**Information given**.
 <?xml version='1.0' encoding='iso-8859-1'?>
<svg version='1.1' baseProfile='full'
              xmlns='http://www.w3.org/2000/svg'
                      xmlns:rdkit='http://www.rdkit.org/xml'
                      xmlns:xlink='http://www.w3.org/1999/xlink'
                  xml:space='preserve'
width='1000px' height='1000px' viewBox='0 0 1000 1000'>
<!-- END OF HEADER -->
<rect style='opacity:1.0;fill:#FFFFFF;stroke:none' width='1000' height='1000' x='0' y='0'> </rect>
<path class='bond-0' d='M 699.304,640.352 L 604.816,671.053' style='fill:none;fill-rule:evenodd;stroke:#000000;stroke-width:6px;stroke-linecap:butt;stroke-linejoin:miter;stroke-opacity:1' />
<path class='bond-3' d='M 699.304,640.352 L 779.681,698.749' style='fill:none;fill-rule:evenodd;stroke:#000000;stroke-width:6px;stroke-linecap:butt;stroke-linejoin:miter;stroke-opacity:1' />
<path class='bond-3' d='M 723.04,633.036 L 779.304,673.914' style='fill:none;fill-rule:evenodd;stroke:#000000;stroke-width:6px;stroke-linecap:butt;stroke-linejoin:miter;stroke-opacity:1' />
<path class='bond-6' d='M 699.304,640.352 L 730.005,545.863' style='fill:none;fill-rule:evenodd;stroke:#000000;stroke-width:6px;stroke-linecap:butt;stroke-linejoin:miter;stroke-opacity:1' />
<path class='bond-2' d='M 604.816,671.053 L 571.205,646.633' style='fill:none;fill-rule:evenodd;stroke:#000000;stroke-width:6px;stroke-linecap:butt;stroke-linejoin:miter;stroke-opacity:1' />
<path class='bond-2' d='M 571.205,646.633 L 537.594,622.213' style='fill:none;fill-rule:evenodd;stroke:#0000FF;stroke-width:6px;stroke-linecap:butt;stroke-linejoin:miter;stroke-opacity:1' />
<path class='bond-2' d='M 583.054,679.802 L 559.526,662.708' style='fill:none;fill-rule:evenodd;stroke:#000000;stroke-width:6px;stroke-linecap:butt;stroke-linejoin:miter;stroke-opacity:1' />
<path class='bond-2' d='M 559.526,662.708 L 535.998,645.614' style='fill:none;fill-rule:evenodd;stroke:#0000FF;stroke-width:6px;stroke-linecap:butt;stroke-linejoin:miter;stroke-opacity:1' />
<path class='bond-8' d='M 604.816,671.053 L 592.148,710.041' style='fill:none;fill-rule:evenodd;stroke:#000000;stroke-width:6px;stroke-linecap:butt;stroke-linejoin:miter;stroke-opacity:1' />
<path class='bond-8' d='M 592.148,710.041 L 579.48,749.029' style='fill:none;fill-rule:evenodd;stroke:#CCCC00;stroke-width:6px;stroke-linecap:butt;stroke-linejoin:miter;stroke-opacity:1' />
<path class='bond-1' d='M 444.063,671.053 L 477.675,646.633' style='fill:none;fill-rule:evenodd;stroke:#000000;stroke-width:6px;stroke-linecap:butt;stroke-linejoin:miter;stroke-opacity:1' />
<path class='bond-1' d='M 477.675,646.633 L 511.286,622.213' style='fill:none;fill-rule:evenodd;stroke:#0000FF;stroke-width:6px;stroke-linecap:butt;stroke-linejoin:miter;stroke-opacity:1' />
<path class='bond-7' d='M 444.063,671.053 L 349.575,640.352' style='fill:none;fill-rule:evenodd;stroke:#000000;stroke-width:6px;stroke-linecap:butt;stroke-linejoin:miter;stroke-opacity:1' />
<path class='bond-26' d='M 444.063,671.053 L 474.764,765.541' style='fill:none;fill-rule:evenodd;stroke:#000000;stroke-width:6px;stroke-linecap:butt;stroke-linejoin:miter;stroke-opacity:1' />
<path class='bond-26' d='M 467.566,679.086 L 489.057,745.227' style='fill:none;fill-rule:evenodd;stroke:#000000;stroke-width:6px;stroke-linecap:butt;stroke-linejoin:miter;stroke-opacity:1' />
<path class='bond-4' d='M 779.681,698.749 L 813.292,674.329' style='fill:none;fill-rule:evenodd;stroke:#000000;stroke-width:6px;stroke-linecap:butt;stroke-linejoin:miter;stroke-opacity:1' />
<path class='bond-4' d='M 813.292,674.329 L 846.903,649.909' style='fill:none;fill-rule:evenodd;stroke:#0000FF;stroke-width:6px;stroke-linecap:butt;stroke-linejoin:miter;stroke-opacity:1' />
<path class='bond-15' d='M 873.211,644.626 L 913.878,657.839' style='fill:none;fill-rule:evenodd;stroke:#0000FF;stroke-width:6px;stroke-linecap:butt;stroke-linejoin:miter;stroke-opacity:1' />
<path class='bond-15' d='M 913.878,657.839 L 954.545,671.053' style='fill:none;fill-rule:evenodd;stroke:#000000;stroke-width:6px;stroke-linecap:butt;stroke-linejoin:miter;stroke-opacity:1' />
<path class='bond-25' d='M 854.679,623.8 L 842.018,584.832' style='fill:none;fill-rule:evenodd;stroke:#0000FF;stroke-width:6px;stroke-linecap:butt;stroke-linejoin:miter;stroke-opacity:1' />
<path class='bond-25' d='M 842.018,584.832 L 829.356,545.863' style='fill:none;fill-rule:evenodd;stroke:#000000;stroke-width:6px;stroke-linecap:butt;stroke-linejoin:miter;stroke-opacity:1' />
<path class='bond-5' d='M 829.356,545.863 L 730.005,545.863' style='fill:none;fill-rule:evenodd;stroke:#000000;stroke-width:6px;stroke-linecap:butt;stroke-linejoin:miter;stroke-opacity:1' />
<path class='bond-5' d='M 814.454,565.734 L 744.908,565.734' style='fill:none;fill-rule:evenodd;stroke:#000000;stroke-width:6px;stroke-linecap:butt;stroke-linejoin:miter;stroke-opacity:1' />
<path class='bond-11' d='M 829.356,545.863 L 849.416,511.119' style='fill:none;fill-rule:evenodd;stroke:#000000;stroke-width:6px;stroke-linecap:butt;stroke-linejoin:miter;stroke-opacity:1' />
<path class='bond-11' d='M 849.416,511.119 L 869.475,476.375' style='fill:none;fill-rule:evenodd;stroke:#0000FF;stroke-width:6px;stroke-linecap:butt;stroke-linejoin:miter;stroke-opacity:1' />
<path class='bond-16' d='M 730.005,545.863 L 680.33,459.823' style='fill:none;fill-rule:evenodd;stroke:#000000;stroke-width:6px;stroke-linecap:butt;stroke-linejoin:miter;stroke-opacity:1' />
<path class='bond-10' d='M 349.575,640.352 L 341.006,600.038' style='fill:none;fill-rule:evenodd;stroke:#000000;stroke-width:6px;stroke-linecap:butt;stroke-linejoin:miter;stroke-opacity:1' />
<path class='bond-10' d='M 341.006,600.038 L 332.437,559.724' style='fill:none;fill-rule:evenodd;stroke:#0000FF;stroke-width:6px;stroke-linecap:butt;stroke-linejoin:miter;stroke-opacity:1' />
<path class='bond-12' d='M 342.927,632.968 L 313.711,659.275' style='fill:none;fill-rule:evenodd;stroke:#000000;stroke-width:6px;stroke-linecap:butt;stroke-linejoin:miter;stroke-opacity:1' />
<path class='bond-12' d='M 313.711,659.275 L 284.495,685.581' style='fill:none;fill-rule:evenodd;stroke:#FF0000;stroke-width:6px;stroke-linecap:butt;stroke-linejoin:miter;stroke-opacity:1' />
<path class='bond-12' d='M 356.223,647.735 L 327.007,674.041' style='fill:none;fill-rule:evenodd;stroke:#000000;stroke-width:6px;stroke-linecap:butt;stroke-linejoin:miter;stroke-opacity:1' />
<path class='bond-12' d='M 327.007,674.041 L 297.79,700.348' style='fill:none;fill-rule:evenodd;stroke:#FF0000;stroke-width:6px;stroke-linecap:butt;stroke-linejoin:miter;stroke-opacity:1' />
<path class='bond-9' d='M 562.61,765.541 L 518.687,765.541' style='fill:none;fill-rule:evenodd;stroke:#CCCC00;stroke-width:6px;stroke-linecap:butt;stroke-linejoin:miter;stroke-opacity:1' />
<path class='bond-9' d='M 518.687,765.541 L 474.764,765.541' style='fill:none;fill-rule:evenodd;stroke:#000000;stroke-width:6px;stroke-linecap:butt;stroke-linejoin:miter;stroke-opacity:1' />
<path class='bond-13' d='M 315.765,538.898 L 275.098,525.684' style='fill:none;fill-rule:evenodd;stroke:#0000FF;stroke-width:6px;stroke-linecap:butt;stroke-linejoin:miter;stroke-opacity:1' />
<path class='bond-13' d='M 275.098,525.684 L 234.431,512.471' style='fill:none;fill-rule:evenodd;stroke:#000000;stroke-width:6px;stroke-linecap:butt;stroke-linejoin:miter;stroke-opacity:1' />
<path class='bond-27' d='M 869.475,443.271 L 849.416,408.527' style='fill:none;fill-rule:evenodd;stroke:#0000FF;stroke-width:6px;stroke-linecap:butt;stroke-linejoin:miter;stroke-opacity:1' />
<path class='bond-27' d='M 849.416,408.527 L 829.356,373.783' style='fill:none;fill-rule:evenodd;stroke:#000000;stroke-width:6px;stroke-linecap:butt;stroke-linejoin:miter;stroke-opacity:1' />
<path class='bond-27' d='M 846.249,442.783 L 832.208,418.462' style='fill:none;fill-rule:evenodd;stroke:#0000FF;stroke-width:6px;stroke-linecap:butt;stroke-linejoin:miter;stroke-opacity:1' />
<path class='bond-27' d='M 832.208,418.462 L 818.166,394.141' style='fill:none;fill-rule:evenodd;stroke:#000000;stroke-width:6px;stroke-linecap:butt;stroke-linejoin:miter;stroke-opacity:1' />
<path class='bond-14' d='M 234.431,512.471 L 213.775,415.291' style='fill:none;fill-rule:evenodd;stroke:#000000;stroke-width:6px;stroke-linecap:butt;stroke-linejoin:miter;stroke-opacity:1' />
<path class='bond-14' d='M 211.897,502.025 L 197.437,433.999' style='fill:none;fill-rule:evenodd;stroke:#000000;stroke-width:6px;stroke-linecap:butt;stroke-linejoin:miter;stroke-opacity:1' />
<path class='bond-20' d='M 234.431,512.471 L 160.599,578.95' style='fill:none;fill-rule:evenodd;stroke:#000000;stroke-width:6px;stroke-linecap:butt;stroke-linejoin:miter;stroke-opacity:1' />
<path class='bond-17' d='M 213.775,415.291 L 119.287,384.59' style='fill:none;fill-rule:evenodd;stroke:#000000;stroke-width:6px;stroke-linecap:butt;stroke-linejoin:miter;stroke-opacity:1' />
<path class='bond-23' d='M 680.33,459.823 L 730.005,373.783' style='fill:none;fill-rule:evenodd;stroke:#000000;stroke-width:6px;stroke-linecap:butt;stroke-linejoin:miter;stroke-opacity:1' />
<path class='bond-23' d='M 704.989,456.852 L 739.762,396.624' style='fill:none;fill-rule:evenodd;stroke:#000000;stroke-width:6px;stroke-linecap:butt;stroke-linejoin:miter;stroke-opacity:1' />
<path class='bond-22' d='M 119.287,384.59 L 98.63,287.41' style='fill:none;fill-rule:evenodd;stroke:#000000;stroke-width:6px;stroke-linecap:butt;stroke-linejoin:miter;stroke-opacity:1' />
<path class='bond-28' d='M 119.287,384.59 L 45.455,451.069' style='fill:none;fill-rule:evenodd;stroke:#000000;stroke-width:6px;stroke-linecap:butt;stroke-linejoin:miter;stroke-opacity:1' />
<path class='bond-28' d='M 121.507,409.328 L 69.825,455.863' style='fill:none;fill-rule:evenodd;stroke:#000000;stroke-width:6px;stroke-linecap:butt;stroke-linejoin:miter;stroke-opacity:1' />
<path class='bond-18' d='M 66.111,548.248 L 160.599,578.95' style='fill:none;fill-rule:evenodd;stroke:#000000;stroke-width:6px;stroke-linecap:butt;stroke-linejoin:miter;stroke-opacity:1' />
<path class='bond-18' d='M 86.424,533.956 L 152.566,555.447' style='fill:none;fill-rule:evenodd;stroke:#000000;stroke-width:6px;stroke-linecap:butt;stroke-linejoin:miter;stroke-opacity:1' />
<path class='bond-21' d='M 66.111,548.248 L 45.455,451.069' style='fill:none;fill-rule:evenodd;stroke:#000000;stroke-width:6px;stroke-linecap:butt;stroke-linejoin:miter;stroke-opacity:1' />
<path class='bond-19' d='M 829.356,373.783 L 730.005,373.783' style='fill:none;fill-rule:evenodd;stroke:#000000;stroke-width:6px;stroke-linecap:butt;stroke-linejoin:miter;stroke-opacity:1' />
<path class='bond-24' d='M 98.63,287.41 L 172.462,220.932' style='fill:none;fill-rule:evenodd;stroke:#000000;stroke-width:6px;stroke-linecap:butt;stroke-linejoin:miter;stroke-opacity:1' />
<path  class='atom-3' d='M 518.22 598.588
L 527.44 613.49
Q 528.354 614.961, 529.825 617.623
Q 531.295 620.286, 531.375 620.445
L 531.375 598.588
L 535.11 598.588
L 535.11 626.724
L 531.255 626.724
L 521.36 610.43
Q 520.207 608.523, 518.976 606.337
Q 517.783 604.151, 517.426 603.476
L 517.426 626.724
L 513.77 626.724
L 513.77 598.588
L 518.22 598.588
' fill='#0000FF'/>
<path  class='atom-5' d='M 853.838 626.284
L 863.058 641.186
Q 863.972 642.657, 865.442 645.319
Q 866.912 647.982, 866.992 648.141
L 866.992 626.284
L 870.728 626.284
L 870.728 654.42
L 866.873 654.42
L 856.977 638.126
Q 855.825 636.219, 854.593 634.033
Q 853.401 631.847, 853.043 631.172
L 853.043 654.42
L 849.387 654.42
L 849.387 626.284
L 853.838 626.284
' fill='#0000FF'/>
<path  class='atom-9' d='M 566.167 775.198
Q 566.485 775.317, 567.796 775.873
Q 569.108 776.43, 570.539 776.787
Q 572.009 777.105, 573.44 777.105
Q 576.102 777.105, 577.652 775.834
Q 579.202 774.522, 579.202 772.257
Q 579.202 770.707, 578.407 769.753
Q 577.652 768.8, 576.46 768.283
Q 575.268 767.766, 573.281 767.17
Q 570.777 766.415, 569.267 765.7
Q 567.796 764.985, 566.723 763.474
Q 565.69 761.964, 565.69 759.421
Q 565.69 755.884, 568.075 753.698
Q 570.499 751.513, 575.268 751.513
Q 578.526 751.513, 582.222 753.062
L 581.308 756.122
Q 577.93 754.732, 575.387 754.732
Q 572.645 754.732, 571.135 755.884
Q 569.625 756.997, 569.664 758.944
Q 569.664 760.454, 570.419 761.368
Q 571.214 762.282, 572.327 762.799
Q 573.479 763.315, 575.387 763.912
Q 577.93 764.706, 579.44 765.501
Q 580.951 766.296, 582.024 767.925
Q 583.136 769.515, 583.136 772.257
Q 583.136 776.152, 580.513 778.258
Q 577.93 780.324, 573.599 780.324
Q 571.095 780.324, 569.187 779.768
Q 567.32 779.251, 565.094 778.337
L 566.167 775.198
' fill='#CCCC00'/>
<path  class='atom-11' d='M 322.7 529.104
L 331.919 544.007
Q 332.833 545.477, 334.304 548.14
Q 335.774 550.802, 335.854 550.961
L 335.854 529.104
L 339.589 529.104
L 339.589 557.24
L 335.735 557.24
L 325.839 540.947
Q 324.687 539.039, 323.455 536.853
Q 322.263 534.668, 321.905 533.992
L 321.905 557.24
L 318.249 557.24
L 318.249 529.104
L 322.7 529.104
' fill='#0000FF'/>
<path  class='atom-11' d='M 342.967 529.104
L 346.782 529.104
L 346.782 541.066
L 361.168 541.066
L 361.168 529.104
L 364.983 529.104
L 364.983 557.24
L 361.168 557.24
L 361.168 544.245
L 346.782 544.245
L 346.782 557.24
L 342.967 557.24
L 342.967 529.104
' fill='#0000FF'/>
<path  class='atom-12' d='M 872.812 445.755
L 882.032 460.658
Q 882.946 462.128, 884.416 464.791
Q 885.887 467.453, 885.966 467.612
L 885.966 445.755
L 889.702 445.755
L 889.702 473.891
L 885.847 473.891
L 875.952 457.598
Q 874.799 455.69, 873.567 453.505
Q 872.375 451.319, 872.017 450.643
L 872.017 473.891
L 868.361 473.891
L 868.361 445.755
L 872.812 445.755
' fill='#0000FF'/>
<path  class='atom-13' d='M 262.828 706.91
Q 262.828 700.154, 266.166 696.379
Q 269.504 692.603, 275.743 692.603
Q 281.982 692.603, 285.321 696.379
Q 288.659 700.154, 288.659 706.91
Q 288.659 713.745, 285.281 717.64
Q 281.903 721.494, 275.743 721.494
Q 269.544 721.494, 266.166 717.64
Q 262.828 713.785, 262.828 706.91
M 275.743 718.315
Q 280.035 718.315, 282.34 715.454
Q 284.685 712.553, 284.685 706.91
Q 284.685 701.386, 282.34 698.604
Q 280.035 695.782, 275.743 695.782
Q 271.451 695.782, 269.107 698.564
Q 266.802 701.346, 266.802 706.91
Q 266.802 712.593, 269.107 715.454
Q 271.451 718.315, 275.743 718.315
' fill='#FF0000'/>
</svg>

**Work to complete**. Whenever "height" occurs in a line of the entries, copy that line.

**Response area**.
width='1000px' height='1000px' viewBox='0 0 1000 1000'>
<rect style='opacity:1.0;fill:#FFFFFF;stroke:none' width='1000' height='1000' x='0' y='0'> </rect>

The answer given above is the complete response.